Task item: Could you reproduce, word for word, everything below from the line containing "The image shows 28 px regular-weight type, italic" down to the line containing "The image shows 38 px wide", with both of those lines included and no others?

The data:
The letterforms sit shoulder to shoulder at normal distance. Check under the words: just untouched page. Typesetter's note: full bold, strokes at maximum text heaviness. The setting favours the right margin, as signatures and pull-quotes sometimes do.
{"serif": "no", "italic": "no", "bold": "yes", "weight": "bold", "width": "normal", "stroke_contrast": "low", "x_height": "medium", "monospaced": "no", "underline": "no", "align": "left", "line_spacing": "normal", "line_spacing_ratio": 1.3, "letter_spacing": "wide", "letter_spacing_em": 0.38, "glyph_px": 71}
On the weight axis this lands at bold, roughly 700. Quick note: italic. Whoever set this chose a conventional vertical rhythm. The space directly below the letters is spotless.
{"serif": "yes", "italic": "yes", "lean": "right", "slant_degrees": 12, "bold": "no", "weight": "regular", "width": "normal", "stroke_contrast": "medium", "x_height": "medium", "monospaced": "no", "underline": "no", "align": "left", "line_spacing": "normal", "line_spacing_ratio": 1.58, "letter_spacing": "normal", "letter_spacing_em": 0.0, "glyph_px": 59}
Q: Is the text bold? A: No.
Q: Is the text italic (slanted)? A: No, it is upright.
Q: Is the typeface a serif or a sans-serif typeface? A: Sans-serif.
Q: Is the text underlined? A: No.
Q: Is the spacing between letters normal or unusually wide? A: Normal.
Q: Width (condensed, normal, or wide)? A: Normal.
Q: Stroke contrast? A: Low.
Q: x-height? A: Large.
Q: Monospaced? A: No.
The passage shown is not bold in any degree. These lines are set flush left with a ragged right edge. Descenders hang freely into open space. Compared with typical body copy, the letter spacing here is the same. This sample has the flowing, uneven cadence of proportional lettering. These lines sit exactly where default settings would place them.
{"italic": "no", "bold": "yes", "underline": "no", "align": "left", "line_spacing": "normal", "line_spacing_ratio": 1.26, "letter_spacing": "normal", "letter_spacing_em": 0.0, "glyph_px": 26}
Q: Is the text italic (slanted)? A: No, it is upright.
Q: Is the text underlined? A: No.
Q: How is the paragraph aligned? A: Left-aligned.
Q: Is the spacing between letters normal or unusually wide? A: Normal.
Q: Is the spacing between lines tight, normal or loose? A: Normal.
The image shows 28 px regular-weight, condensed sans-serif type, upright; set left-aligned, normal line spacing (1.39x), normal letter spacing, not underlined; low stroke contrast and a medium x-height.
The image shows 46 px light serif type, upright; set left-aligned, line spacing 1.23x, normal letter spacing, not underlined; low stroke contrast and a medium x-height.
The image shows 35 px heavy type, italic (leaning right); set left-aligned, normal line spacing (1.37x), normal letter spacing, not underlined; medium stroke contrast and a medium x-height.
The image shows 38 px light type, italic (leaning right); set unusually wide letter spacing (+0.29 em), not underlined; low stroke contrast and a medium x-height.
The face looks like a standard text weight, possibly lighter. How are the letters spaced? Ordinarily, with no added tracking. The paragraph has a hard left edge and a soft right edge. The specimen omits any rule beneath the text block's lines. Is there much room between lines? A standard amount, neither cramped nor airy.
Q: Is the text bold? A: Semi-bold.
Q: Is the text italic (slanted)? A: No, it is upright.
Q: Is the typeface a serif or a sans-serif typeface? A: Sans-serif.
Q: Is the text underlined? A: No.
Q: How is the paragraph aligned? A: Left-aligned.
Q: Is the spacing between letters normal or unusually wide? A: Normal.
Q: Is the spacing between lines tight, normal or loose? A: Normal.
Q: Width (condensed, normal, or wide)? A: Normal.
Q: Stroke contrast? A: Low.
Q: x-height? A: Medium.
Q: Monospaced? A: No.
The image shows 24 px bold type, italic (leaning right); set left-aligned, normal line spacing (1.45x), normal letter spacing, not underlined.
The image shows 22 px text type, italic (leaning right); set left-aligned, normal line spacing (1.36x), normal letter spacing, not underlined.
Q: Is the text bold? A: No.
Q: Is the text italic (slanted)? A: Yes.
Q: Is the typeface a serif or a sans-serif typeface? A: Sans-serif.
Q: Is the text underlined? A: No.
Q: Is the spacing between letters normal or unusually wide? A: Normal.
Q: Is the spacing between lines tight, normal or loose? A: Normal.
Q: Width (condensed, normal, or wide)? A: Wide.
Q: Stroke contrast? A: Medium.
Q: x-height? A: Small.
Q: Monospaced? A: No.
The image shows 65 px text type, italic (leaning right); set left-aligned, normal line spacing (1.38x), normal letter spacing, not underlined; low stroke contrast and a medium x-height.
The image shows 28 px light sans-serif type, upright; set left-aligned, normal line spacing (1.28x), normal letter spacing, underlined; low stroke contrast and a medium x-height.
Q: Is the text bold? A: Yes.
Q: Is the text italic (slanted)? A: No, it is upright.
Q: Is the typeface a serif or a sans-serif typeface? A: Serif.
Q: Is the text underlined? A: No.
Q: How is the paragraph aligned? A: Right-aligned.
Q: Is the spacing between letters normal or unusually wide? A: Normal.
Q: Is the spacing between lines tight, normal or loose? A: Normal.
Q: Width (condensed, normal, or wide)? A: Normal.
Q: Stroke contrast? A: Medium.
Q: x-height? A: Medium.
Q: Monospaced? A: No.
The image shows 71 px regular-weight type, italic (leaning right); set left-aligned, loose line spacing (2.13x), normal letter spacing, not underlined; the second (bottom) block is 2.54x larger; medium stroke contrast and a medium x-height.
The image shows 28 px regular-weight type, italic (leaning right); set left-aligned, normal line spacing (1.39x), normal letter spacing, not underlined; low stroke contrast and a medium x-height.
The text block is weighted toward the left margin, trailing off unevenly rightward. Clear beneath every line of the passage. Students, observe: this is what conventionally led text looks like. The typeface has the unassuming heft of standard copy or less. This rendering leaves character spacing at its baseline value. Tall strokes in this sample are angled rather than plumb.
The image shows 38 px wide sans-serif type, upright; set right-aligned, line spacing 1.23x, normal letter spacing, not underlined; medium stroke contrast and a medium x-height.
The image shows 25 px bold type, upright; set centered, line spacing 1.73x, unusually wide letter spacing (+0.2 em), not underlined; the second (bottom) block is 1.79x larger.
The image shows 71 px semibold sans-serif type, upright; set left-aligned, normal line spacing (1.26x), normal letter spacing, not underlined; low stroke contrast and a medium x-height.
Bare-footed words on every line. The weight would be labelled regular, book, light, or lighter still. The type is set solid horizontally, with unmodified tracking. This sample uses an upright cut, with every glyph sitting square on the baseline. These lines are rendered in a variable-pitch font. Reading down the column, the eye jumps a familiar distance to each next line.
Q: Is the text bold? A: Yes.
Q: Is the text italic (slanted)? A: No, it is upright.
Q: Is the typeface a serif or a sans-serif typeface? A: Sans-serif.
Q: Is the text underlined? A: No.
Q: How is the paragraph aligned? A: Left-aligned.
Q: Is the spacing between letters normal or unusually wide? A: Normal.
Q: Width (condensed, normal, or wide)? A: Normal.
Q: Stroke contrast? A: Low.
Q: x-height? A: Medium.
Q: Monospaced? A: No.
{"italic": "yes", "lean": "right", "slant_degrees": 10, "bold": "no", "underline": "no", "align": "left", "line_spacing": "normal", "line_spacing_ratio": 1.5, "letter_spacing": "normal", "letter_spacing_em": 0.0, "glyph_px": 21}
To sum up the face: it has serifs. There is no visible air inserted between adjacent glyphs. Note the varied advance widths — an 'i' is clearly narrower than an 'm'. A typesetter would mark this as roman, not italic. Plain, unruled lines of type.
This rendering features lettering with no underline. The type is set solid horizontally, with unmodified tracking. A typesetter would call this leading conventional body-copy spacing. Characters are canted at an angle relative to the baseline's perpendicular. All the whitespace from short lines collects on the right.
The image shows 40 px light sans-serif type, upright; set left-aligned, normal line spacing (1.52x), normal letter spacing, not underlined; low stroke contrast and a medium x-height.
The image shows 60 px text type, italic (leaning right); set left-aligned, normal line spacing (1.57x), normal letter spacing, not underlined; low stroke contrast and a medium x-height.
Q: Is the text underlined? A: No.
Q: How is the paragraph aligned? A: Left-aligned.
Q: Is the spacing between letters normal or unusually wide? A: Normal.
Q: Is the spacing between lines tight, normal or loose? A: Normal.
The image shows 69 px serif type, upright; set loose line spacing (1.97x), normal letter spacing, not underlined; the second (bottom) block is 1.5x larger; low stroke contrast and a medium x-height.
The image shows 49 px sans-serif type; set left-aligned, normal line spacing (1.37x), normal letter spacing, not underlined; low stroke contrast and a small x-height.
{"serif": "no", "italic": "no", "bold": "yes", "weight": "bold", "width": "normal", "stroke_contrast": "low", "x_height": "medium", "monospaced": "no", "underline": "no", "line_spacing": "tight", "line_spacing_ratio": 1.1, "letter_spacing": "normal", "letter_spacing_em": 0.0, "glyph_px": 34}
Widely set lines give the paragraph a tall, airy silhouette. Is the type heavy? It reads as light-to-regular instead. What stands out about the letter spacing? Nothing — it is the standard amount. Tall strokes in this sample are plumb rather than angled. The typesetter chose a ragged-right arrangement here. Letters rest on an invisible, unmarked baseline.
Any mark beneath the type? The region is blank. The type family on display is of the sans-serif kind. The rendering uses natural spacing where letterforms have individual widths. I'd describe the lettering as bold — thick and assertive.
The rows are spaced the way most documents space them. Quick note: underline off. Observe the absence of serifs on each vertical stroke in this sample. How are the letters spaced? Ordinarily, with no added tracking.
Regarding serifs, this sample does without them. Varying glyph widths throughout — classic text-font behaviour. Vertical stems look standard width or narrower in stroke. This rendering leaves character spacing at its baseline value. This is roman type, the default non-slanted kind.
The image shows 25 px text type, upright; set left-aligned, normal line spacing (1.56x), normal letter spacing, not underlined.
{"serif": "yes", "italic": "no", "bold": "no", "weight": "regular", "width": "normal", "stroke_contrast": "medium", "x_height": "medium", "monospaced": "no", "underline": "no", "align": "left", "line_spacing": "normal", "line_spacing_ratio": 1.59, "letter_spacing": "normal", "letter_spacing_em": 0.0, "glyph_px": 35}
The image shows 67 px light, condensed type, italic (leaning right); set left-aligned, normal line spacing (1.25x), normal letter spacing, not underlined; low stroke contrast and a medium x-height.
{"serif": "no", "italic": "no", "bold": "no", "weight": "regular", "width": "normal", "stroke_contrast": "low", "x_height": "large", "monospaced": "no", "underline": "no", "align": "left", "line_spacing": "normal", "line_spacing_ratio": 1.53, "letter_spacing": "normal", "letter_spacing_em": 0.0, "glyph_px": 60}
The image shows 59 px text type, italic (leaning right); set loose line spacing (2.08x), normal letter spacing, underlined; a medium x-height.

Result:
The image shows 28 px regular-weight type, italic (leaning right); set left-aligned, normal line spacing (1.39x), normal letter spacing, not underlined; low stroke contrast and a medium x-height.
The text block is weighted toward the left margin, trailing off unevenly rightward. Clear beneath every line of the passage. Students, observe: this is what conventionally led text looks like. The typeface has the unassuming heft of standard copy or less. This rendering leaves character spacing at its baseline value. Tall strokes in this sample are angled rather than plumb.
The image shows 38 px wide sans-serif type, upright; set right-aligned, line spacing 1.23x, normal letter spacing, not underlined; medium stroke contrast and a medium x-height.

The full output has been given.